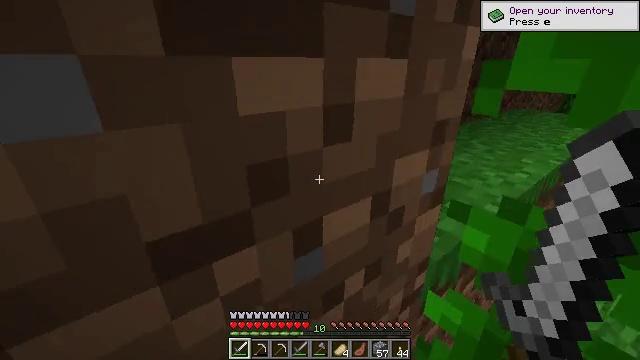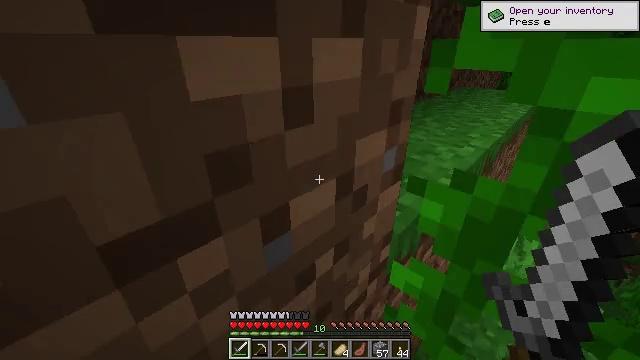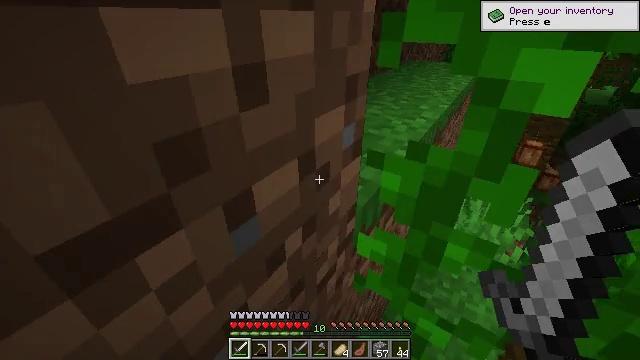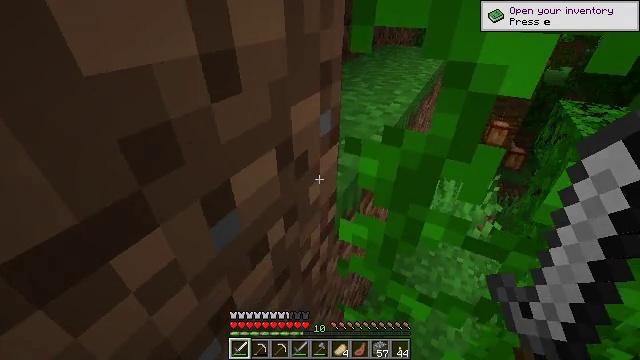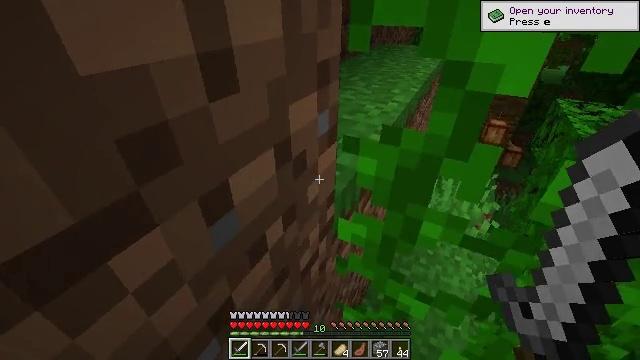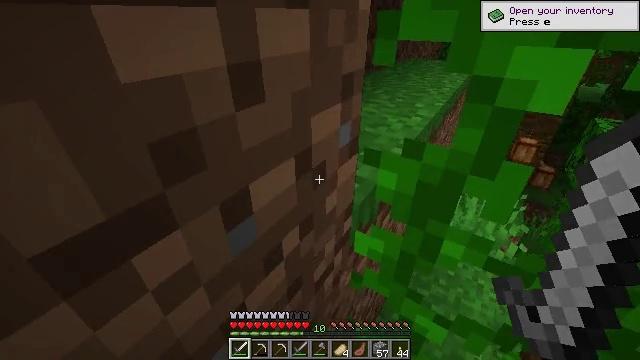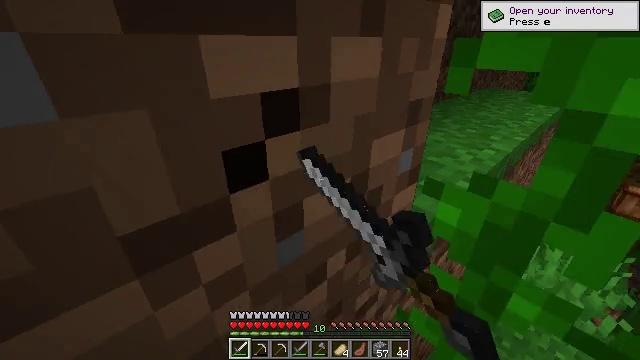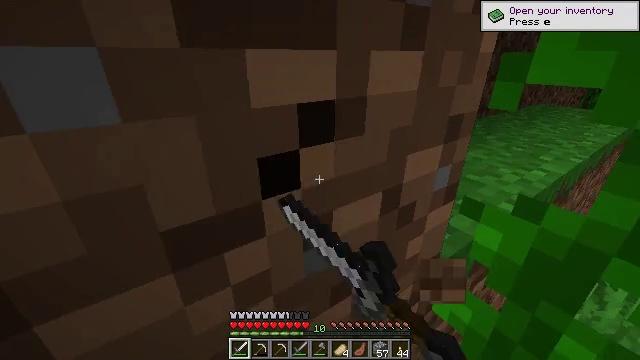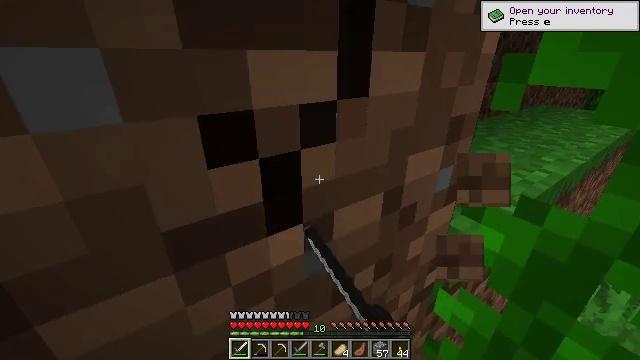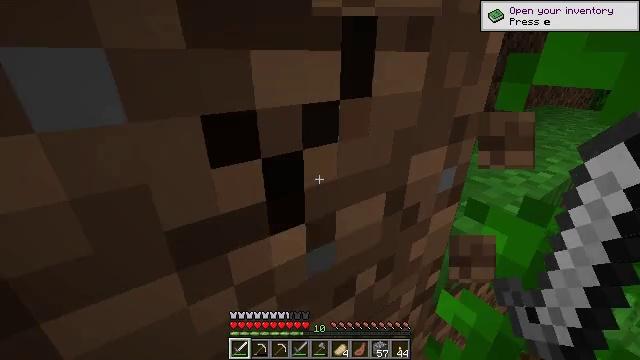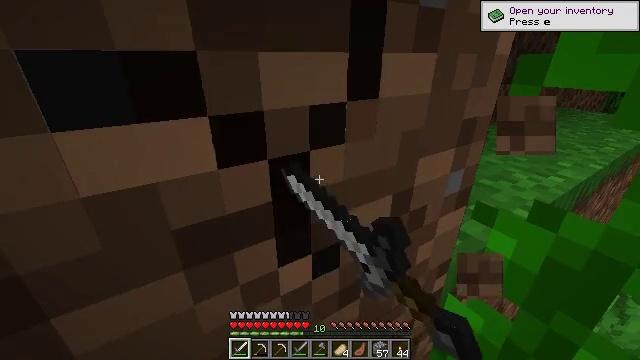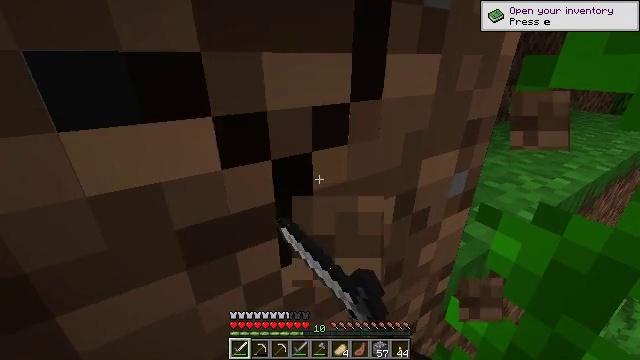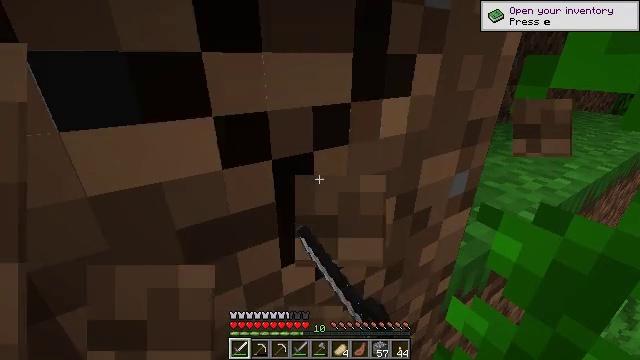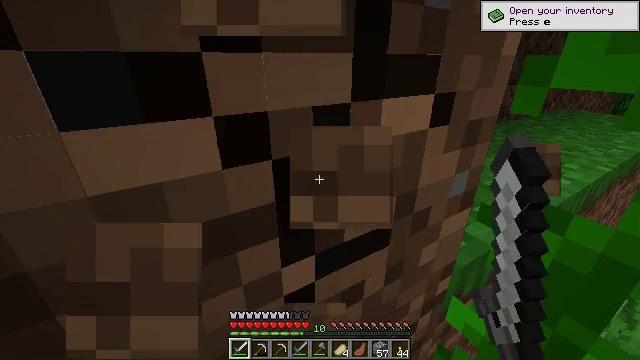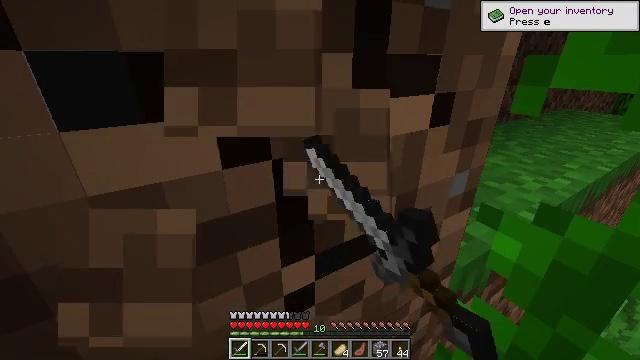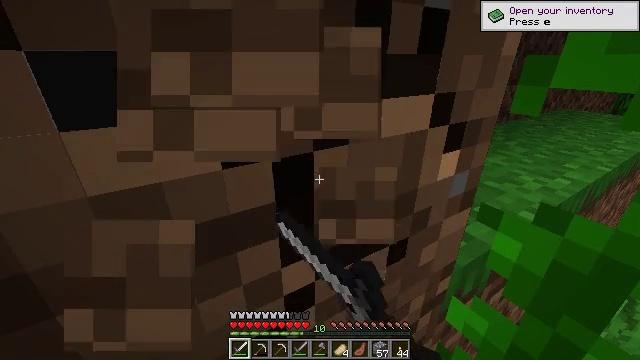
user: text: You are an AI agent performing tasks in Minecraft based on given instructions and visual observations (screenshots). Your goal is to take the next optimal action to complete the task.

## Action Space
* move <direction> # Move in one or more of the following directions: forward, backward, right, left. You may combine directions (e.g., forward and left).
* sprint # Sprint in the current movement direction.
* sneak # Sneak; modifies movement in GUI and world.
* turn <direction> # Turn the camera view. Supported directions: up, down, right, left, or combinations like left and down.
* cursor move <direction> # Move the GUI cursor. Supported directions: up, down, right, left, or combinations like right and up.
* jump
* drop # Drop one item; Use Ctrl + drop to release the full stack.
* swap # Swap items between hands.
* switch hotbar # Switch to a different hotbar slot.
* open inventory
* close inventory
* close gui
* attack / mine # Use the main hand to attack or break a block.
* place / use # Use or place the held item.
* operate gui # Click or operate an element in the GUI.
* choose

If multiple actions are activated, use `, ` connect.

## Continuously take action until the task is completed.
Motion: motion action
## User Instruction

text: Collect the grass block using a shovel.
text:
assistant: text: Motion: turn right and down
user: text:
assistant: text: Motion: turn right and down
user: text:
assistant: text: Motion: turn right and down
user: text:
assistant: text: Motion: no_op
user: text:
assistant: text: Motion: turn left and up, attack / mine
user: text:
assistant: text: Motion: turn left and up, attack / mine
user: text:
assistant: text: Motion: turn left and up, attack / mine
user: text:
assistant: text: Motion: attack / mine
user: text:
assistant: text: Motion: attack / mine
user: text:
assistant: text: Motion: turn left, attack / mine
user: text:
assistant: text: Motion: attack / mine
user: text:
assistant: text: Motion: attack / mine
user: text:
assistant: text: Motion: attack / mine
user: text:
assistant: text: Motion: attack / mine
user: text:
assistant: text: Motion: attack / mine
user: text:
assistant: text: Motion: attack / mine
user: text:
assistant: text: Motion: attack / mine
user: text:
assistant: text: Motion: attack / mine
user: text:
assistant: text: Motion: attack / mine
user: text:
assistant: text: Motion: attack / mine
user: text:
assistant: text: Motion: attack / mine
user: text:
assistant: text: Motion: attack / mine
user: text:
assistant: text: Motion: attack / mine
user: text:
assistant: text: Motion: attack / mine
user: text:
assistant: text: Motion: attack / mine
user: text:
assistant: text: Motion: attack / mine
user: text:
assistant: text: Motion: attack / mine
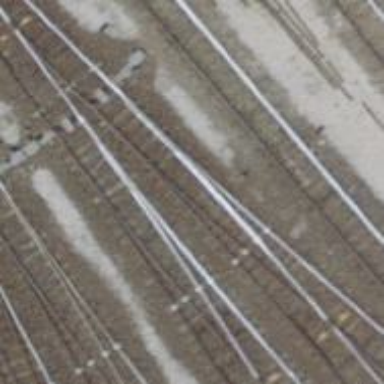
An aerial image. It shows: Railway yard in service.
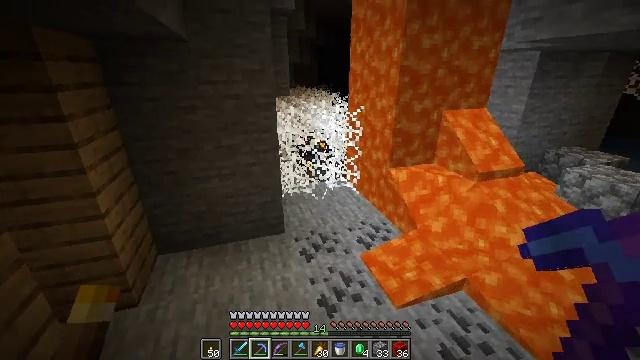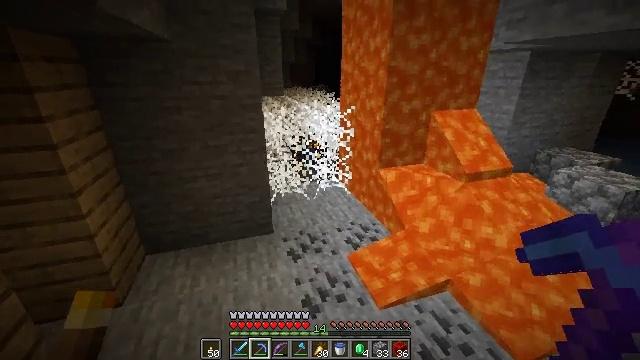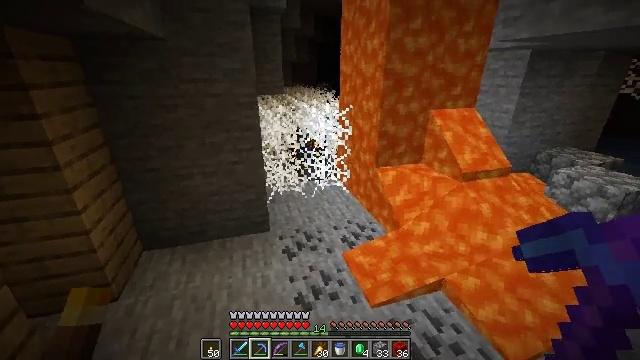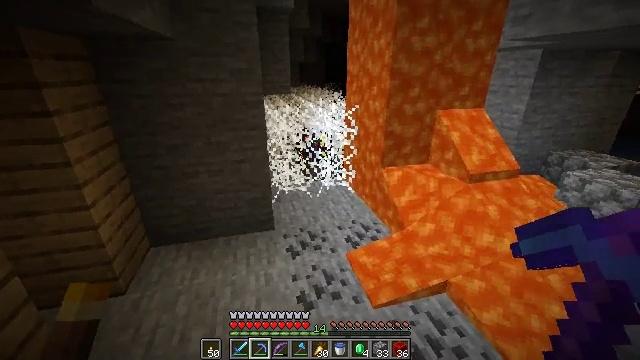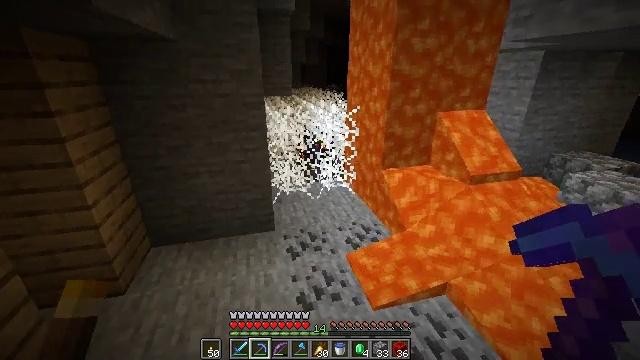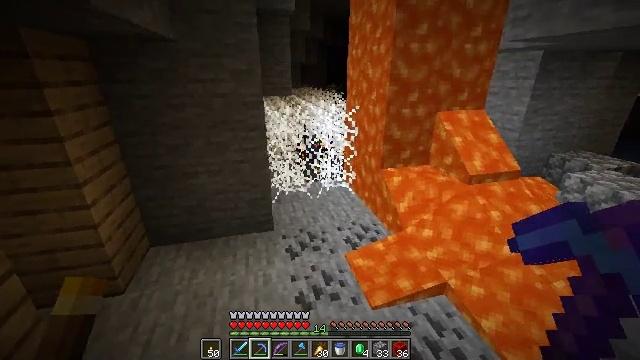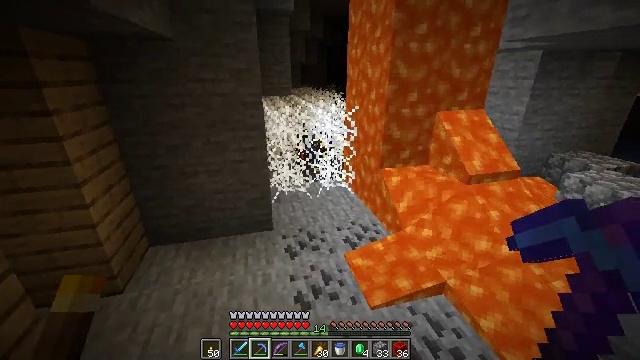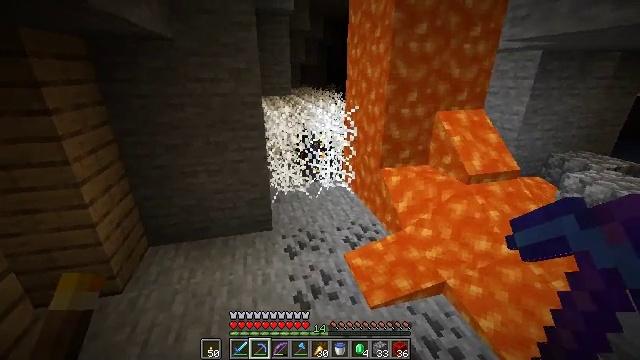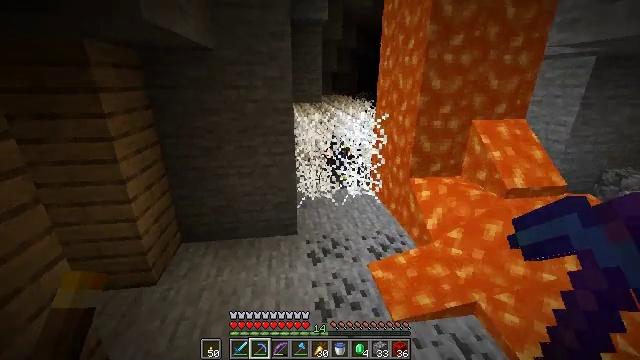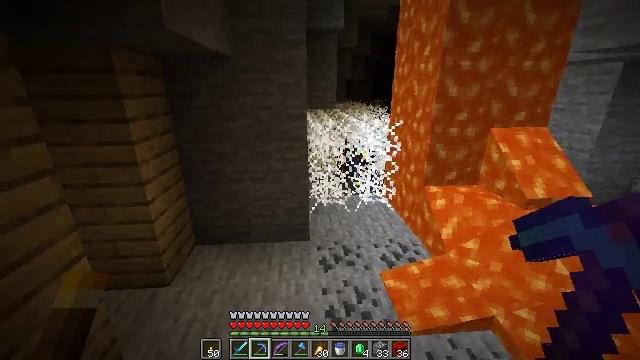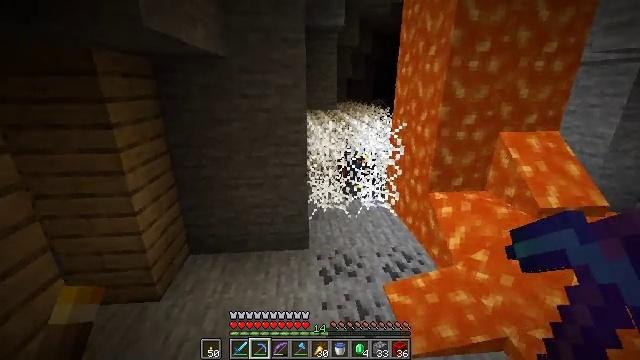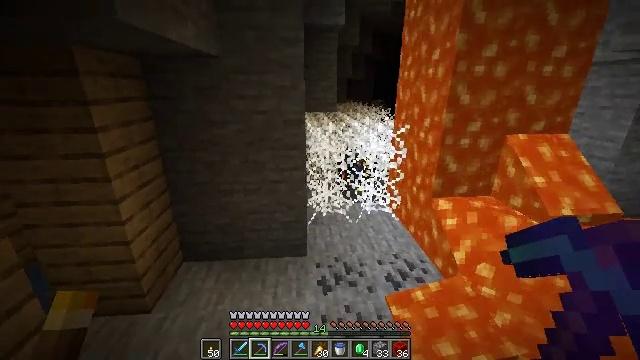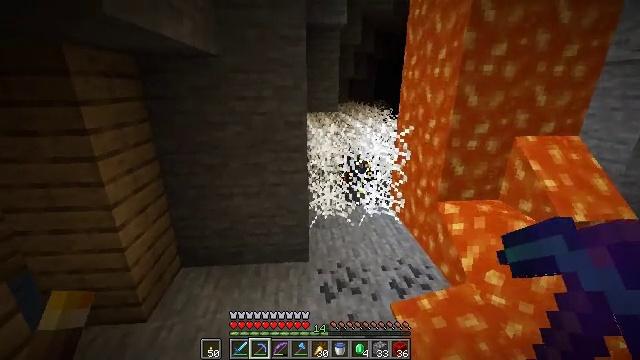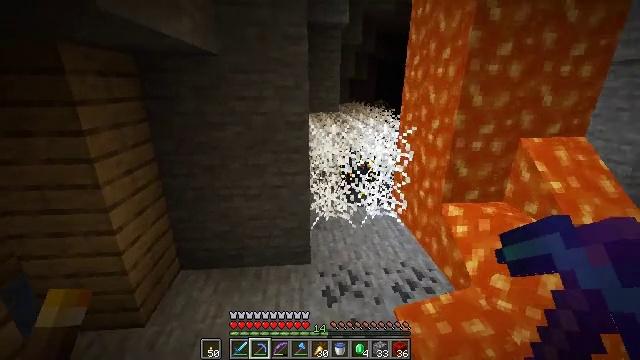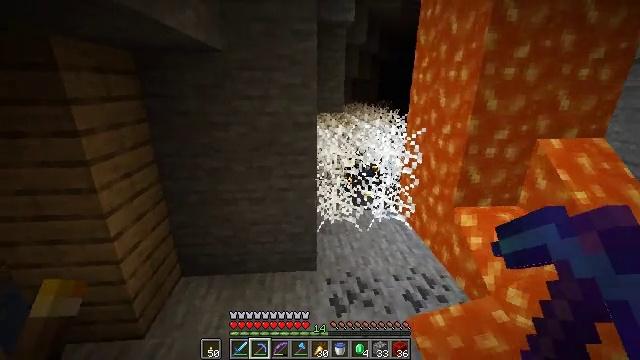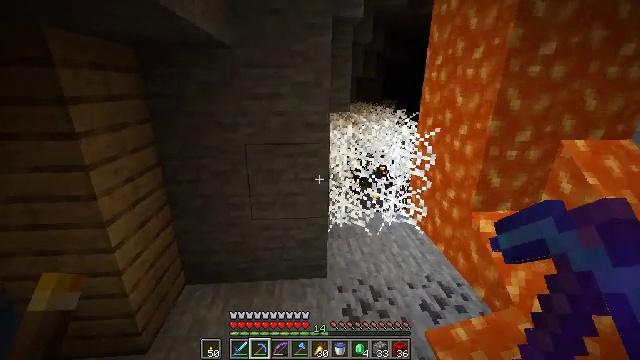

▸ WORK INSTRUCTION
Scan the material above. Copy each line that holds the word "block".

▸ EXPECTED OUTPUT
* attack / mine # Use the main hand to attack or break a block.
text: Collect the grass block using a shovel.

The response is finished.